Tuesday, December 24, 2013

Its a good investment to buy great gifts



On the news last night I saw a guy saying that gift giving at Christmas made bad economic sense. He may have been right in saying that if a husband and wife each went out with the money to buy their own gifts, they would get something that would be more useful during the following year. He seemed to feel that there should be a role for exchange of pre-loaded debit cards as X-mas gifts. Bah! Humbug!


Look at the standard supply demand curve I have posted above. The red line reflects the prices people are willing to pay for a product. Essentially, people are ordered in a list of decreasing willingness to pay. For any quantity, all the people symbolized to the left of that quantity on the red line would be willing to buy at the price identified on the y axis.

The green line in the same sense symbolizes the willingness to sell. For any specific quantity on the x axis, all the people to the left would be willing to sell at that price.

The market clearing price is that where no additional buyer is willing to pay more, and no additional seller is willing to sell for less.

Now any buyer who is willing to pay more but buys at the market clearing price gets a "consumer surplus" -- he/she is getting a product he/she values more than it costs. Similarly, any seller who is willing to sell for less but sells at the market clearing price gets a "producer surplus" -- he/she is getting more for the product than he/she is willing to sell if for.

The point is, the value someone ascribes to a product is a function of the person, not the product. That is the way that the economy works.

An Example

Think about a husband who for some reason is unable to shop for a present for his wife, but asks his adult daughter to shop for a gift that he will make to her mother. He says, I am willing so spend up to $100 for a nice gift, and I will give you $20 to do the shopping. Thus the value to him of giving a nice gift to his wife is $120. Say the daughter refuses the pay for shopping (since she likes to shop and would be shopping during the season anyway), and buys a gift for $75. Now Dad has a $75 present and a $45 consumer surplus.

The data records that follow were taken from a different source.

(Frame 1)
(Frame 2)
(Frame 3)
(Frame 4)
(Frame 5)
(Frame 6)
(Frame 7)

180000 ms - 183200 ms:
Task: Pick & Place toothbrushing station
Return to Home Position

Now think about the wife. Of course she might return the present for a store credit, and go buy something with the credit that she likes better. Then she gets something she values at $75 and she gets an added consumer surplus of what she would be willing to pay for that product minus the $75 -- say $30. Thus the family for a total investment of $75, gets a $75 product plus a $45 consumer surplus for the husband and a $30 consumer surplus for the wife.

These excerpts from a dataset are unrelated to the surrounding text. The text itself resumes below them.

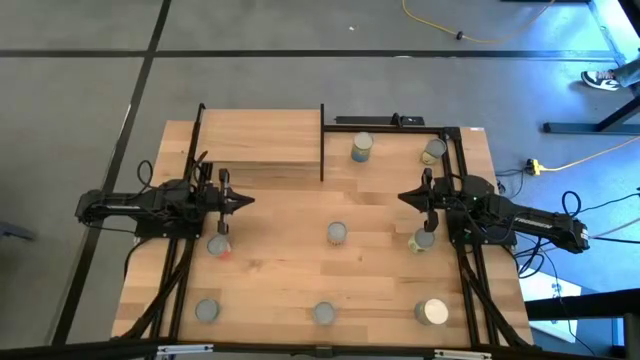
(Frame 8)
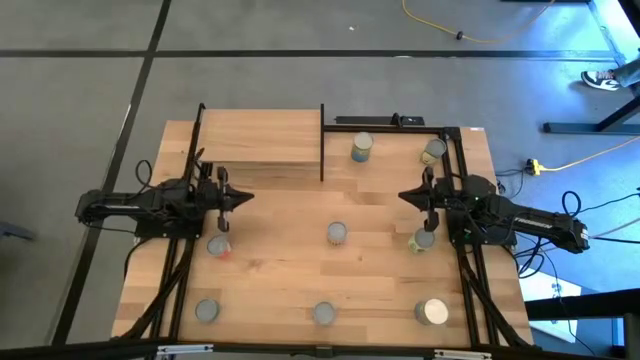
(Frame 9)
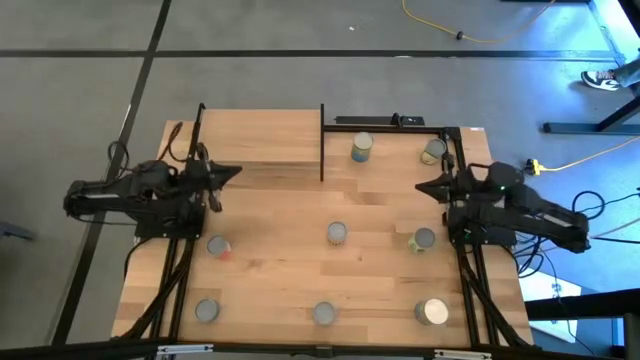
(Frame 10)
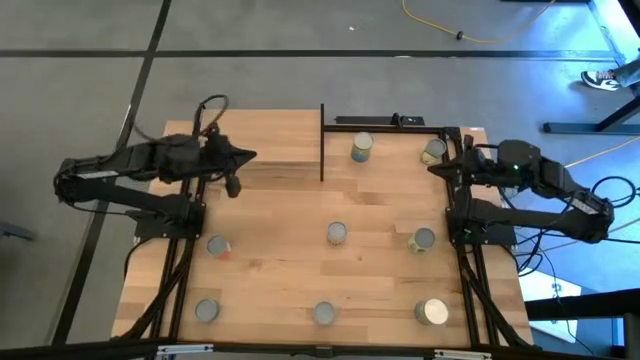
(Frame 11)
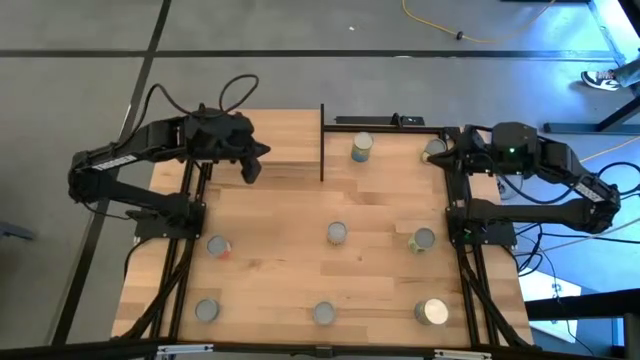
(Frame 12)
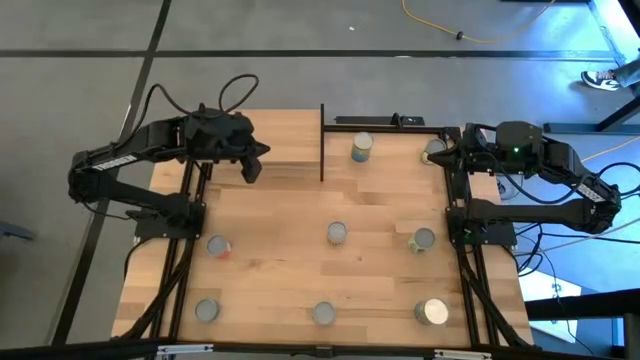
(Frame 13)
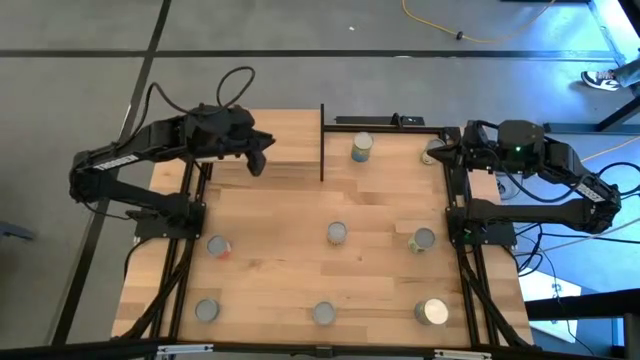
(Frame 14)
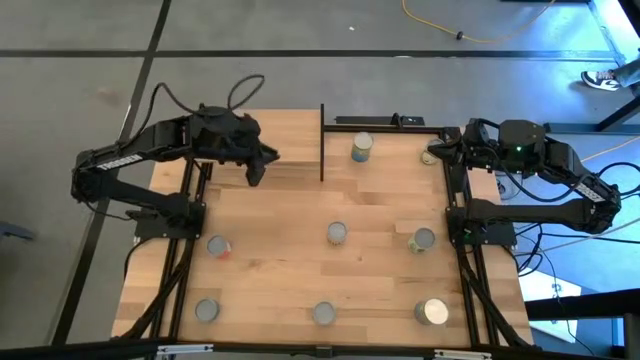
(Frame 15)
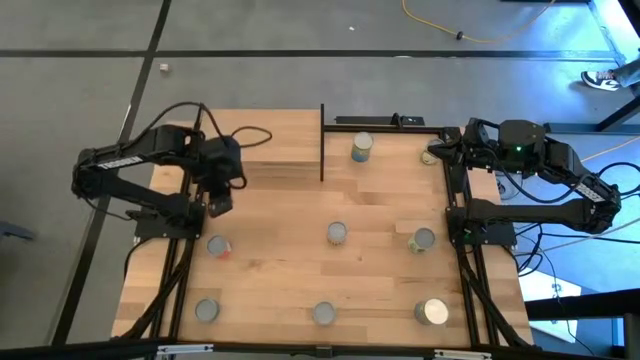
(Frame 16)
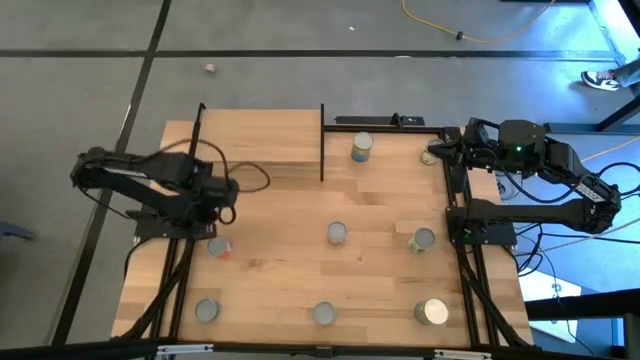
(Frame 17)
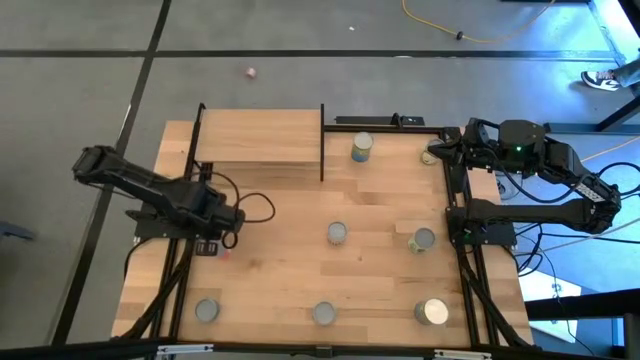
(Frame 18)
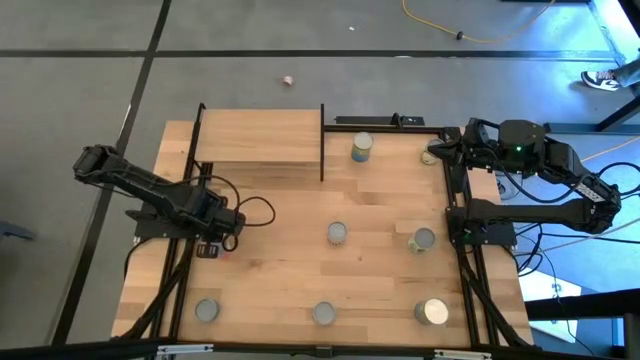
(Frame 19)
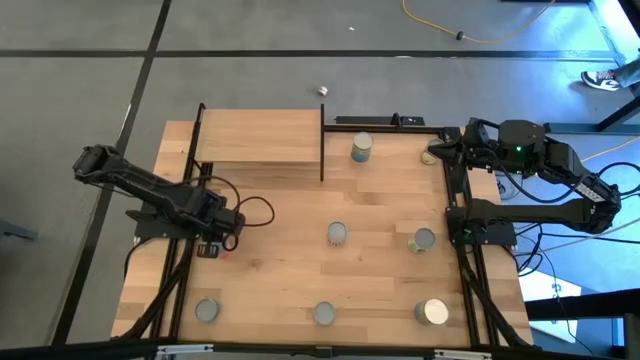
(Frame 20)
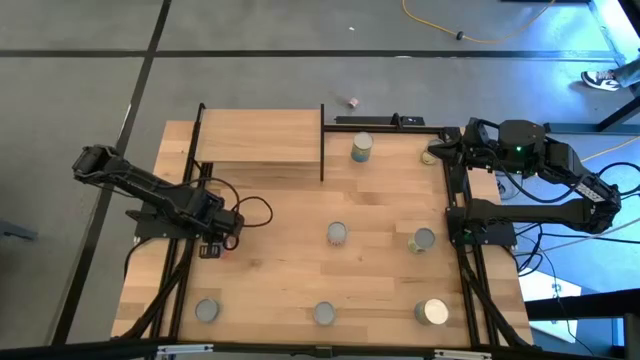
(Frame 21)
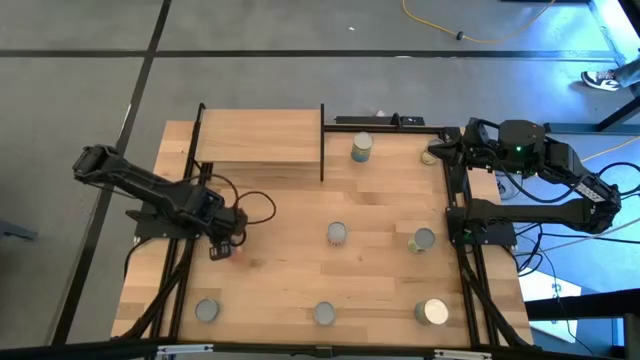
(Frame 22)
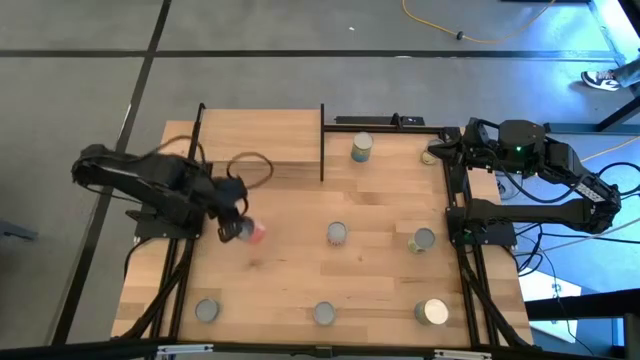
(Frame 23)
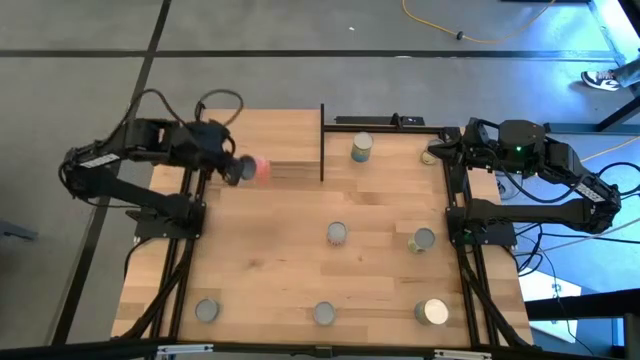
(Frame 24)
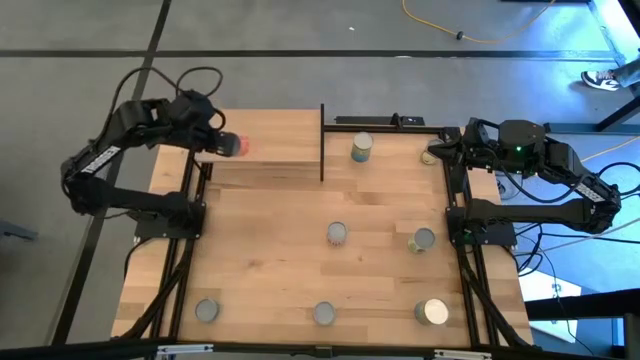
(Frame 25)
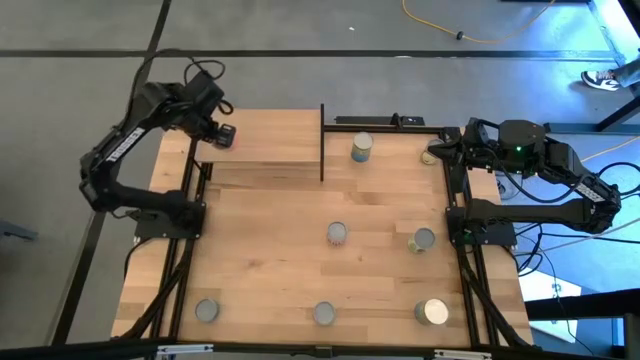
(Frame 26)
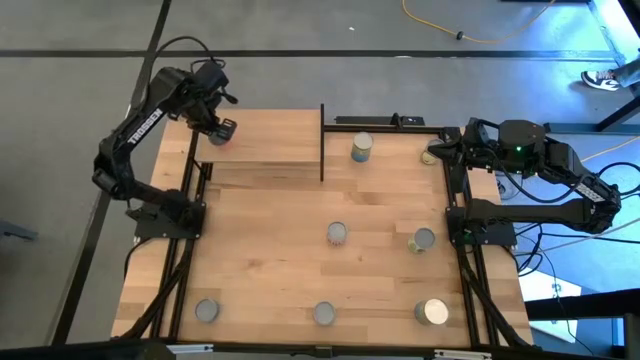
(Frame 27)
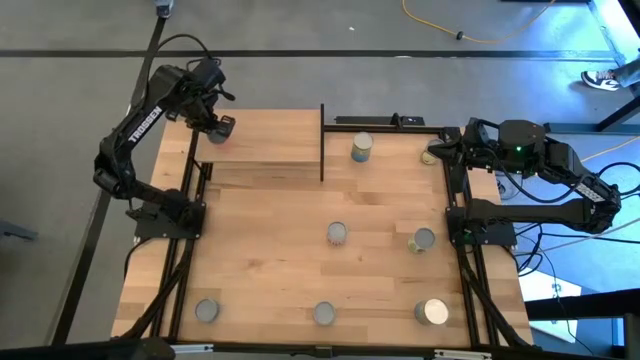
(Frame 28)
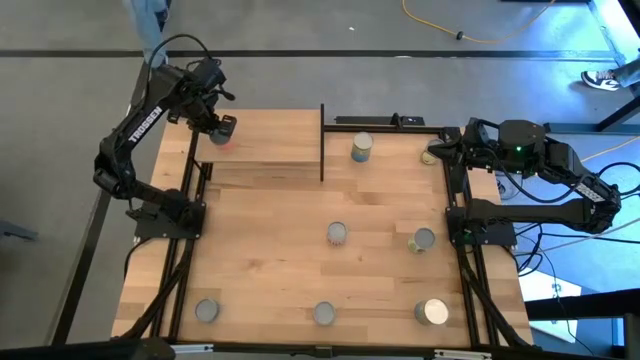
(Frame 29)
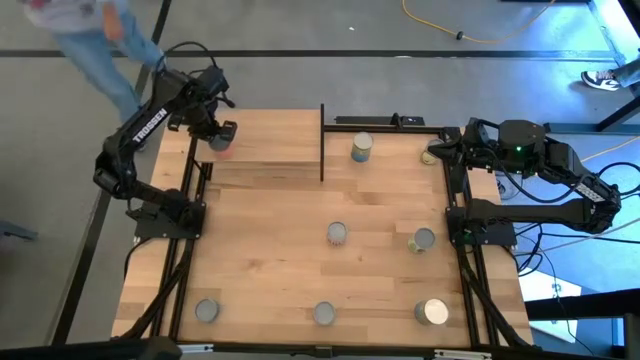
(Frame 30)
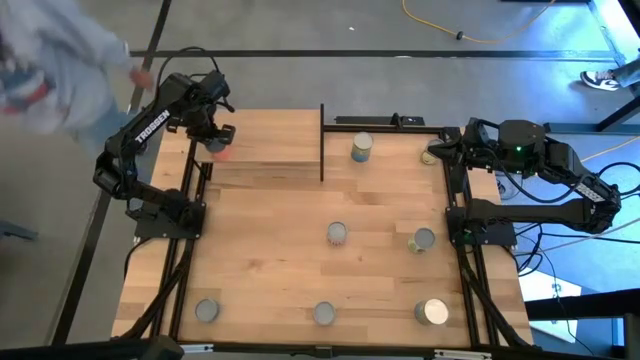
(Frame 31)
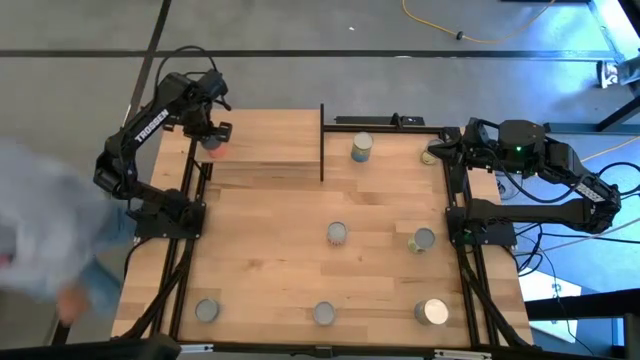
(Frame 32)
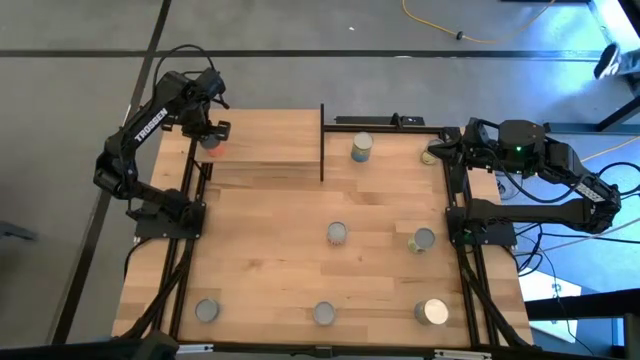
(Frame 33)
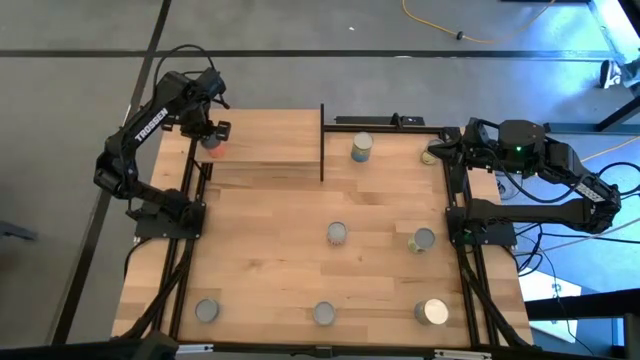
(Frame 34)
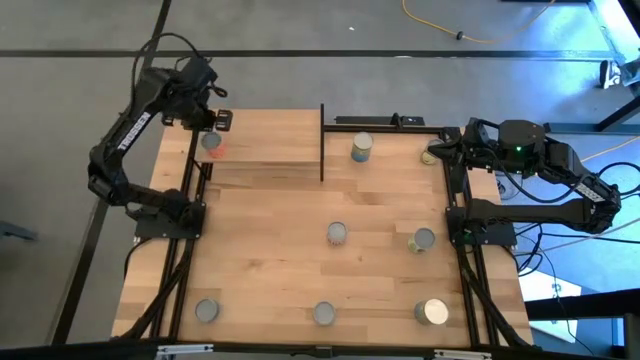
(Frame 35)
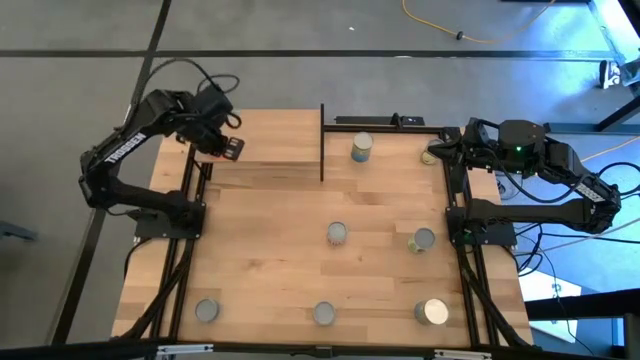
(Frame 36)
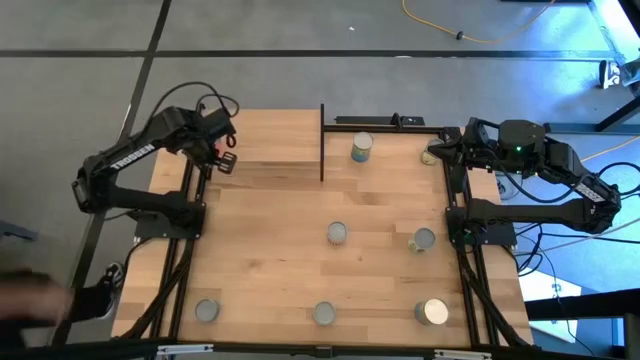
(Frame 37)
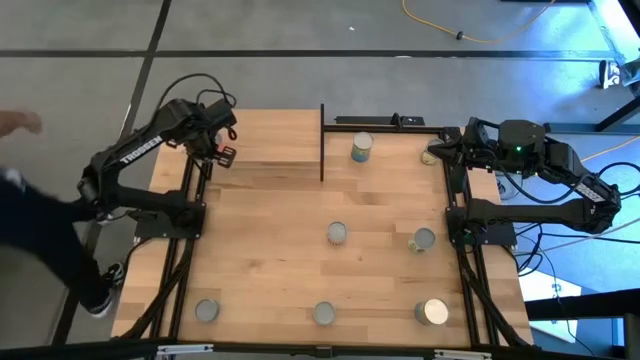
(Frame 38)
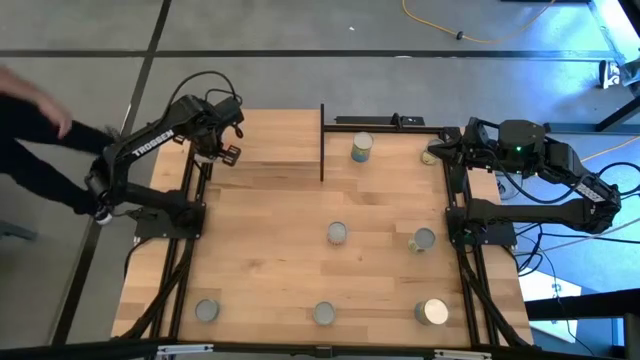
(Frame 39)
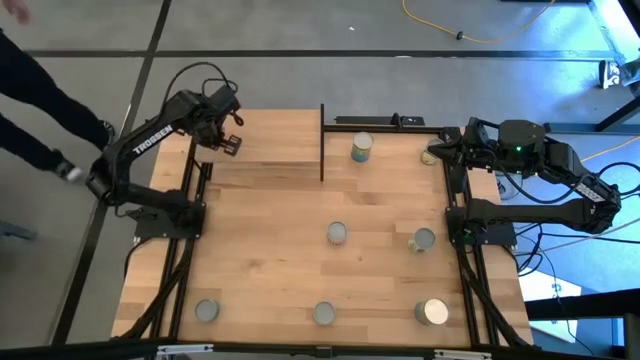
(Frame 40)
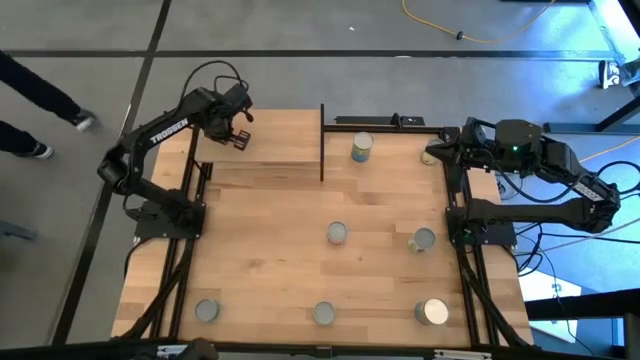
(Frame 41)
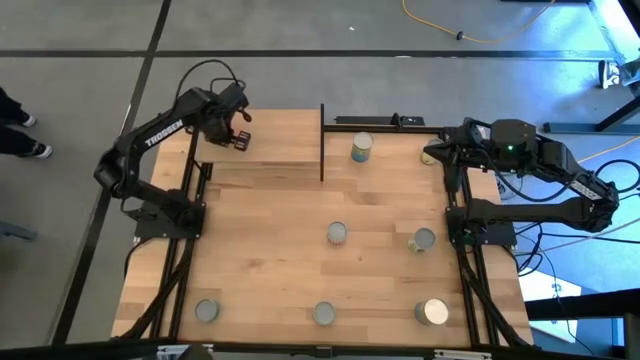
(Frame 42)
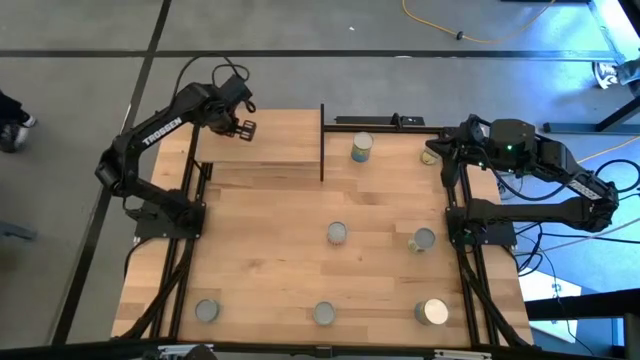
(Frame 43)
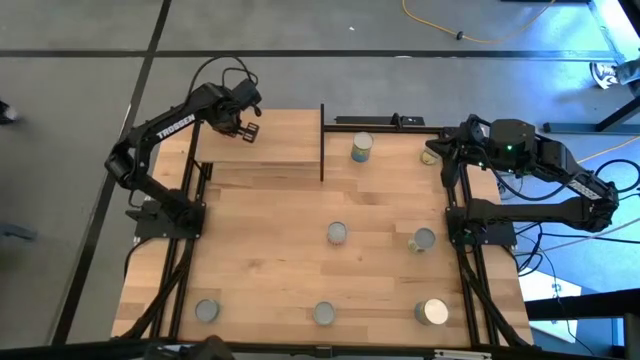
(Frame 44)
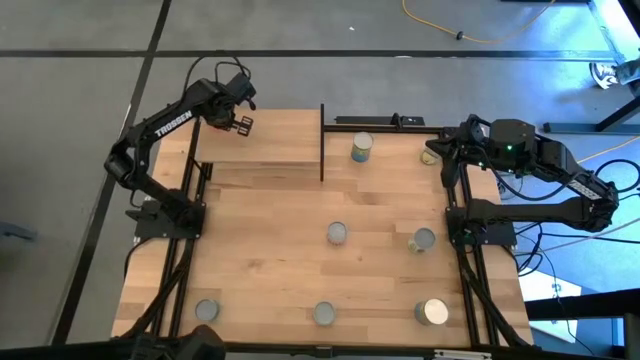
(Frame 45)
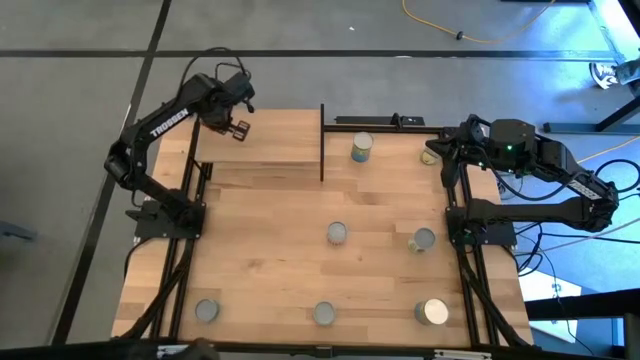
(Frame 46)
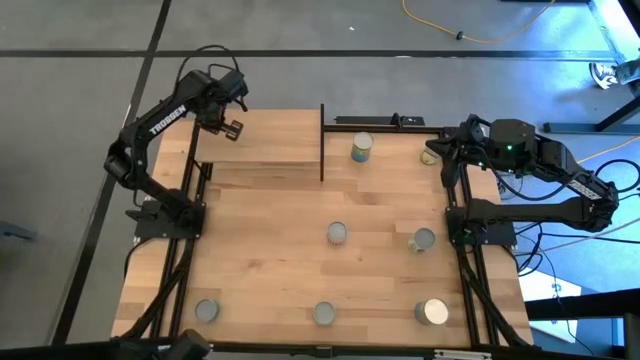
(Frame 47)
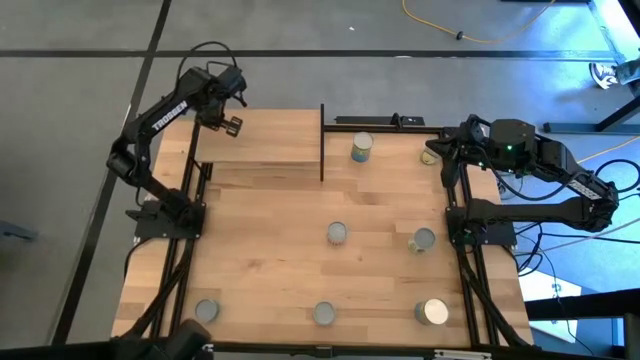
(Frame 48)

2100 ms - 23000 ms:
Task: Pick and place cans onto a shelf
Put the canned meatballs on the shelf

Moreover, if by some chance the gift should strike a sentimental chord, and the recipient values it above any possible value for an exchange, that further increases the value to the family.

Now I enjoy shopping for my wife's Christmas present, and as far as I can see my wife just enjoys shopping. (She will go out for a morning shopping with a friend, buy one thing, and then return it in the afternoon. Why would she do that if not for entertainment?) So there might be more benefit to us for doing the shopping.

Finally, think about the following scenario. A family has the custom of gathering together on Christmas Eve to exchange gifts. This Christmas all are present on the 24th except Dad, who is trying to get back from a business trip. He gets in to the local airport in mid afternoon, the last flight in. There is a blizzard.  It is going to be almost impossible to get home for the gift opening. The airline will, in the Christmas spirit, put him up at the airport hotel, paying the bill. Alternatively, he can get a taxi driver to make the trip home by paying a big bonus fair. How much should Dad offer? If he would pay $100, then he values the experience of exchanging gifts on Christmas Eve at that amount. That value too should be included in the valuation of the gifting. And of course, his wife will also value the experience of face to face gifting at the big event.

There is a big economic surplus to Christmas gifting in the family.